Engage obstreperal lobes

Lauredhel has updated her post from last month about the lack of transparency surrounding ProLacta’s International Breastmilk Project with the latest news. As thought, they couldn’t lie straight in bed.

Feed the wo-orld… one baby, anyhow.

UPDATE (8 June 2007) by Lauredhel: Salon has taken up the story.
Milk Money

After May 31, however, IBMP will send 25 percent of all donations received to Africa, and 75 percent will be sold to Prolacta for $1 an ounce. What kind of profit margin does this mean for Prolacta? Potentially a motherlode. If, as Elster told me, the average donation runs around 180 ounces, then that would mean that 135 ounces (75 percent) “sold” to Prolacta would generate around $4,725 (at $35 an ounce) for the company, or about $3,890 after subtracting the expense of donor processing (about $700 per donor) and the cash payment to IBMP.
[...]
Is giving 45 ounces of breast milk at a cost of $135 to African babies really a good exchange rate for a commodity that can deliver $3,890 to a for-profit company?

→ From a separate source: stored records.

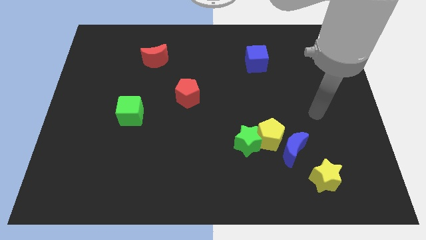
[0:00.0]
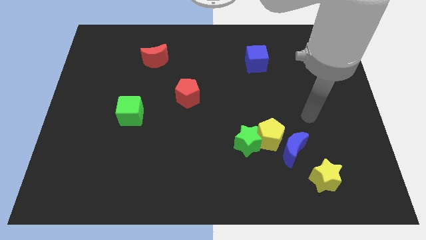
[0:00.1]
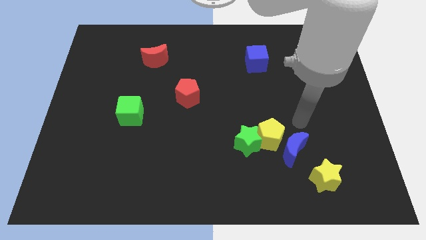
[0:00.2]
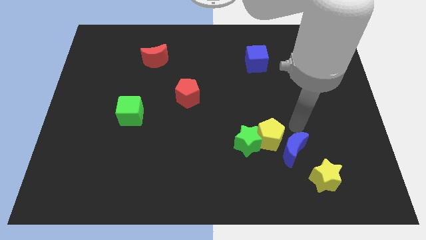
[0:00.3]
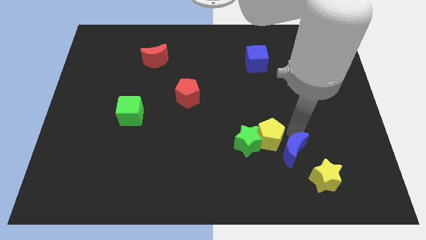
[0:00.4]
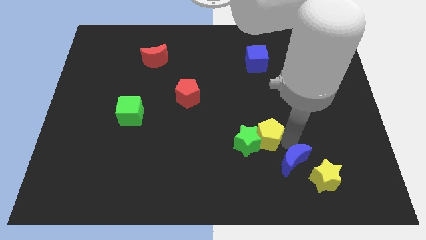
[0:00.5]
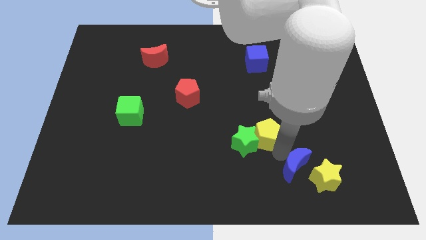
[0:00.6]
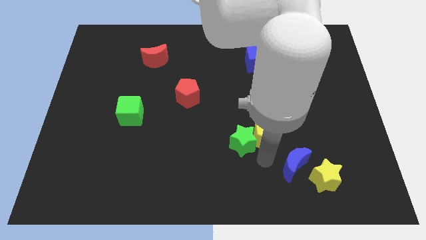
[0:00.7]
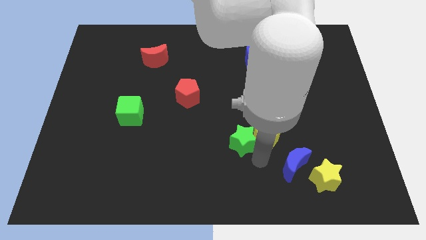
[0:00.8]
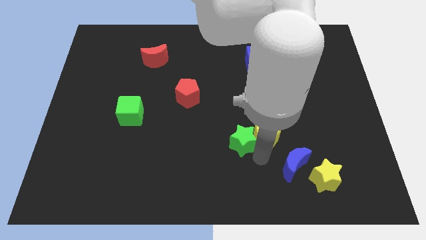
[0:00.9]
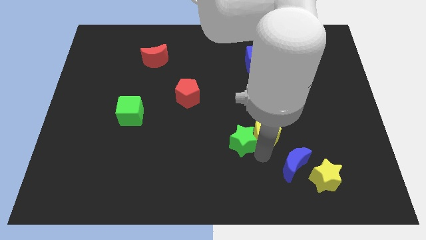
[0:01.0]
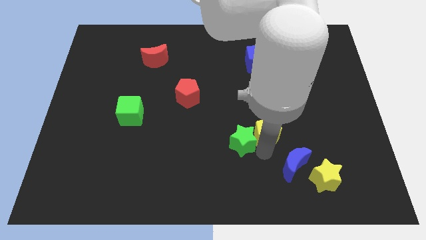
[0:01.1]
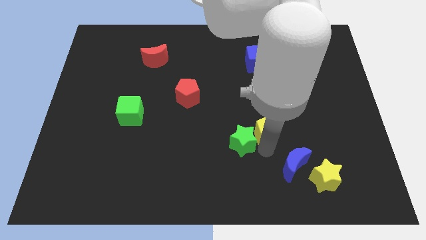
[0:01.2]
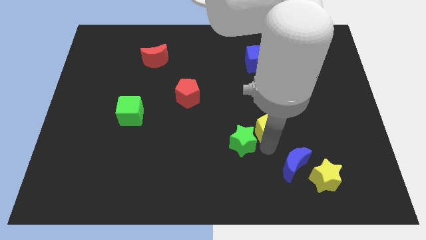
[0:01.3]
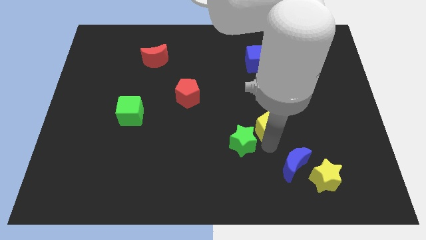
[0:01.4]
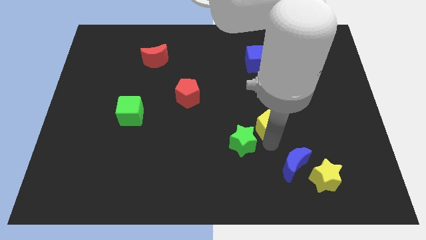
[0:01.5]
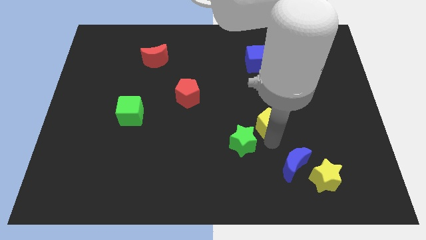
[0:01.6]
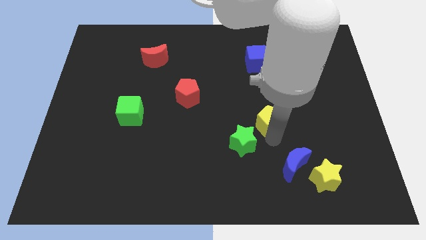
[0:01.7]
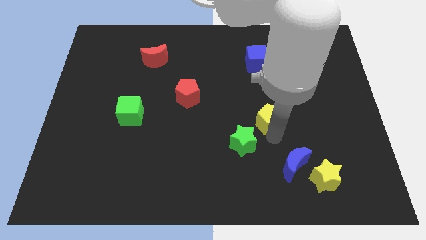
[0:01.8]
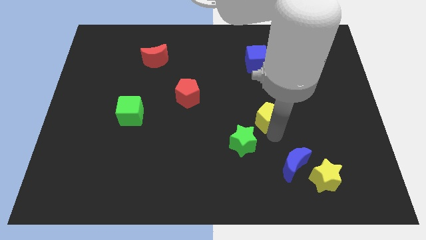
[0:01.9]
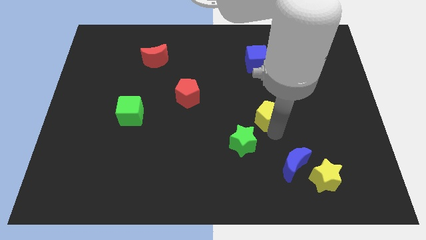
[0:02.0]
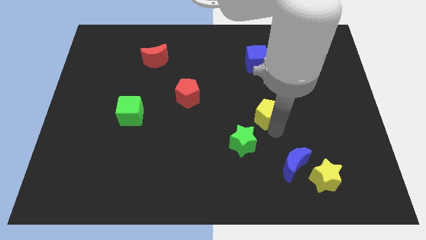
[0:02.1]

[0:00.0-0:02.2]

Filed under: activism/charity, breastfeeding, ethics

Feed the wo-orld… one baby, anyhow.

UPDATE: 4 June 2007
Jill Youse has finally responded in the Mothering forums.

We were absolutely correct.

Prolacta is skimming off 75% of milk donated by mothers for Africa, for sale and for profit within the USA.
Prolacta is “reimbursing” the International Breastmilk Project the princely sum of one dollar per ounce that they take.

Prolacta sells its breastmilk product to US intensive care units for around thirty dollars an ounce (Some published figures have been in the forties, I have chosen the lowest figure).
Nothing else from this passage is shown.